Cash is king—and needs to be in the model
Surprisingly, less than half of the companies we talked to had a cash flow forecast built into their models, having prioritized planning the P&L over the balance sheet in their initial deployments. Now, given the importance of ensuring sufficient liquidity in an unstable economic environment, many are scrambling to add a forward balance sheet and cash flow statement to their models. These efforts will better position them to understand funding needs, address covenant problems in a range of possible bull and bear case scenarios. As one veteran CFO remarked, “When you’re going to your bank to ask them for flexibility on covenants, it pays to be first in line.”
For companies like Plex Systems, having a cash flow forecast built out in their model allowed them to move quickly, assess the situation, and make adjustments with less risk — understanding that they don’t have unlimited liquidity as a PE/VC backed company. As Raj Amin, vice president of FP&A at Plex explained, “We were confident in our forecasts — which our executives and board want five years out. Because continuous planning is ‘normal course of business’ for us, we were able to articulate our financial strategy virtually immediately vs weeks, giving us an advantage in this rapidly changing business environment by getting in front or our board and debt holders first.”
Plan, plan, plan
The companies in the best position are those that have a plan, and, more important, the ability to reforecast that plan when needed. The ability to pivot has never been more important than in the past few months. When states reopen, businesses may well get a boost. But don’t stop there. If COVID-19 infection rates rise again, businesses could get hit, again. By planning for a range of scenarios, you can go to your bank, investors, employees, or your board and say, this is what we think will happen, this is what it looks like if it goes the wrong way, and this is what it looks like if it goes a little bit better.

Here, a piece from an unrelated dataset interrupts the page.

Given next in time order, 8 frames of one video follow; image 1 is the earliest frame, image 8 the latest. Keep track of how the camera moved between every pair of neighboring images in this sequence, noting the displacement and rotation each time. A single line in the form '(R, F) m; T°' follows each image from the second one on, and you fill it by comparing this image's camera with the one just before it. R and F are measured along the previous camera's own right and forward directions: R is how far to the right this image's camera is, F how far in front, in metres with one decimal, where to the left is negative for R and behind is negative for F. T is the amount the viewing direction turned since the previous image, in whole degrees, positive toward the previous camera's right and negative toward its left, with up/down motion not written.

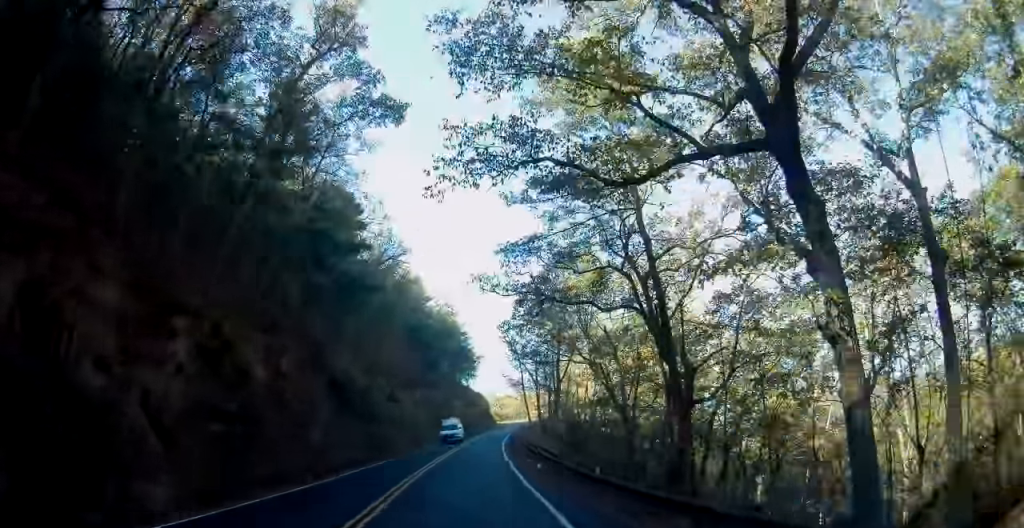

Working remotely has also been a change for many finance teams amidst the pandemic. Ray Alwani, director of business systems process and strategy at ENMAX, says his team plans virtually. The key to setting yourself up for success? According to Alwani, “If you take the time to build a comprehensive data model — making the right data available at the right time plus leverage the data that you actually have available — it can really enhance your planning capability. We actually integrate our actuals into our planning system on a daily basis. So, at any point in time — and accessed from anywhere — our business partners have up to date information, which is a key input into our planning process.”
A new process for a new world
Over the past several months, finance teams across every industry, across every sized organization have faced significant challenges in assessing and responding to the pandemic. Holding office hours with FP&A professionals provided insight and understanding, and it’s clear that conditions are changing at a faster pace than we’ve ever seen, requiring a change in the way teams plan.
The ability to move to a continuous planning process has never been more important, so companies can quickly evaluate tradeoffs and make informed business decisions. And while the pandemic has pushed finance teams to adjust, these lessons learned now will enable stronger planning under more predictable circumstances and prove invaluable as companies start to plan for a recovery.